After crawling back into bed and snuggling back beneath the covers because it was quite a chilly morning here in Pendleton, Oregon, where I’m parked in the farmyard of a friend’s mother, I hit the redial button.

It was my daughter-in-law, Cindi, in Texas who rang to tell me the books I had ordered from Amazon had arrived. They included Susan Albert’s “Bleeding Heart,” the next in the China Bayles’ books I’m reading and one that hadn’t been available on Kindle.

A much better look at a northern flicker, this one a male. -- Photo by Joanne Kamo

I said, perhaps a bit snippy: “It’s o-dark-hundred here. I’m in the Pacific time zone and two hours earlier than where you are.”

“Oh,” she responded. But then of course we chatted for a while. I couldn’t be too angry because she’s my traveling guardian angel and has handled all my mail for the past seven years. .

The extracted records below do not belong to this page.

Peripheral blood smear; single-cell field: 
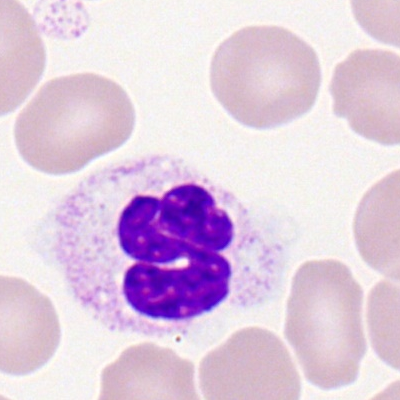Polymorphonuclear neutrophil.
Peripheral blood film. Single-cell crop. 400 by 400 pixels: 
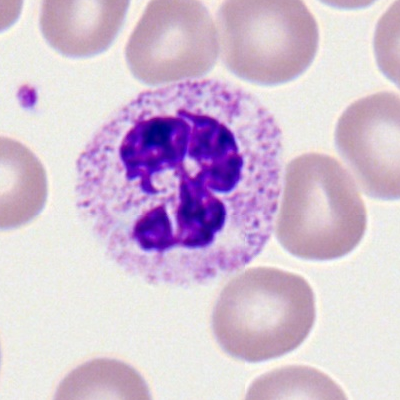

Specimen: peripheral blood film.
Cell: neutrophil (segmented).
Lineage: myeloid.
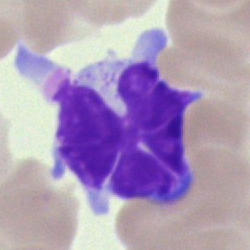

This is a lymphocyte.
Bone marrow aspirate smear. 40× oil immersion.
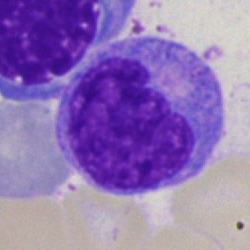

The cell shown is a monocyte.
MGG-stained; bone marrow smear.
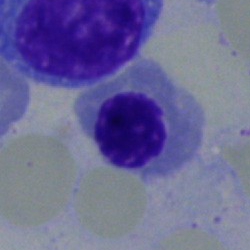This is a nucleated red cell.
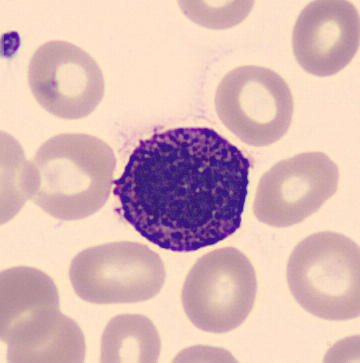

Preparation: Peripheral blood film. Cell — basophil.
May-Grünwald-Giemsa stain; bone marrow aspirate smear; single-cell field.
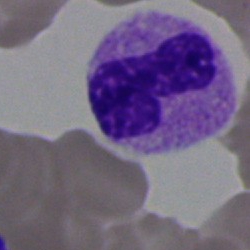
Morphology → stab cell.
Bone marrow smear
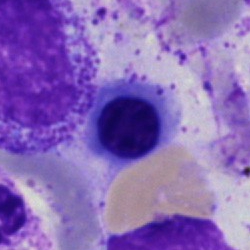 Impression → erythroblast.
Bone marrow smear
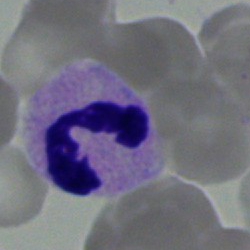

Showing a neutrophil (segmented).
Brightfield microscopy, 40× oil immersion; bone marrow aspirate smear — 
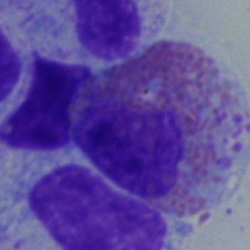
Morphological class = eosinophilic granulocyte.
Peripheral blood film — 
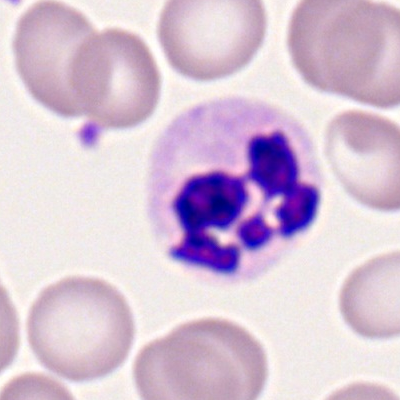

Impression — polymorphonuclear neutrophil.
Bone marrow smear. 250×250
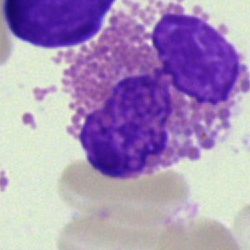

The cell shown is an eosinophilic granulocyte.
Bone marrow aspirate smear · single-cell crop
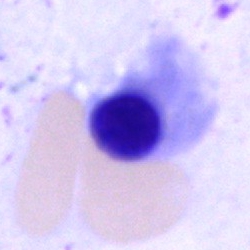

Morphological class: erythroblast.
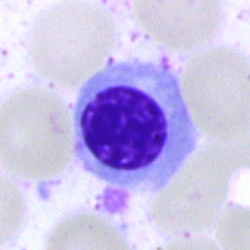
The classification is normoblast.
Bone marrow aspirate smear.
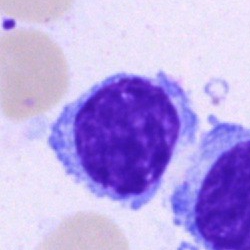 Morphology consistent with a lymphocyte.
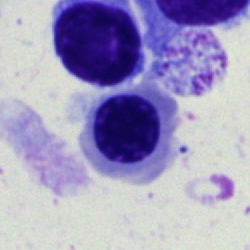

Classification — normoblast.
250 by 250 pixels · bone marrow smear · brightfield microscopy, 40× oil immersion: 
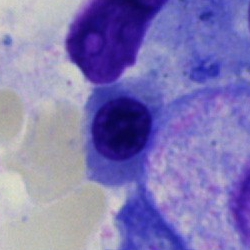
This is a normoblast.
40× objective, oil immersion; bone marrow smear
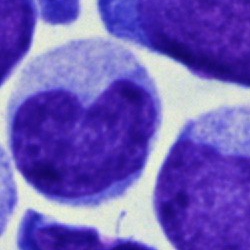
Q: What is the morphological classification of this cell?
A: A monocyte.
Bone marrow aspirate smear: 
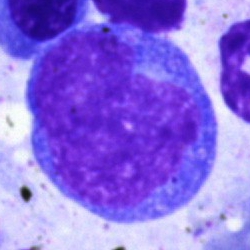 Specimen: bone marrow aspirate smear.
Morphological class: proerythroblast.
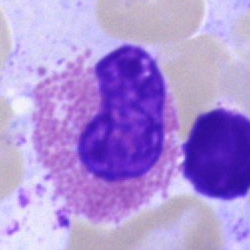 Q: Which cell type is shown here?
A: This is an eosinophil.
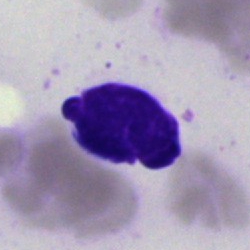
Cell: artefact.
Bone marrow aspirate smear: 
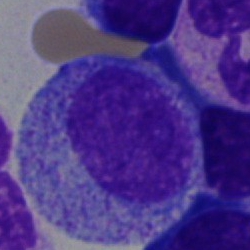
Specimen: bone marrow aspirate smear.
Classification: myelocyte.
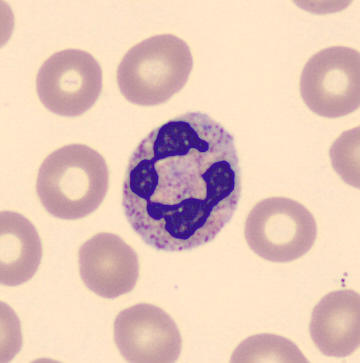

Classification: polymorphonuclear neutrophil. Peripheral blood film.
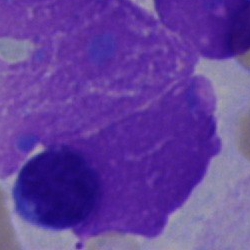 Cell type — artifact.
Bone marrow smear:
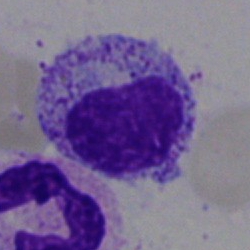
Classification — myelocyte.
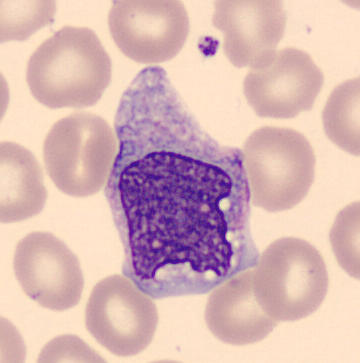 Preparation: Peripheral blood smear.

A monocyte.
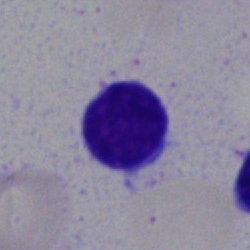 The cell is typical lymphocyte.
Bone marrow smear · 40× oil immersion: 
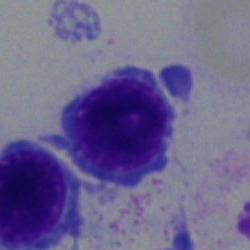Showing a nucleated red cell.

After we hung up, I tried to go back to sleep, but unlike my dog, Maggie, who never even lifted her head at the phone call, sleep had vanished for the day. So I got up, fixed coffee and sat down in front of my computer, alternating between answering e-mails and watching the day arrive out my window.

I was rewarded with a pair of northern flickers messing around a tree near my RV. I tried to get a picture, but it was dark and my photo turned out poorly. I thought you might want to see it anyway, but I added a photo taken by Joanne Kamo  http://www.pbase.com/jitams to give you a better look.

Meanwhile, I did enjoy watching the pair of large woodpeckers – that’s the family to which northern flickers belong. They stayed around for quite a while poking around the tree, and sticking their heads into a couple of holes it contained. If Cindi hadn’t called I would have missed them all together.

Life’s like that. It throws you a curve ball, then apologizes with a slow pitch you can’t miss.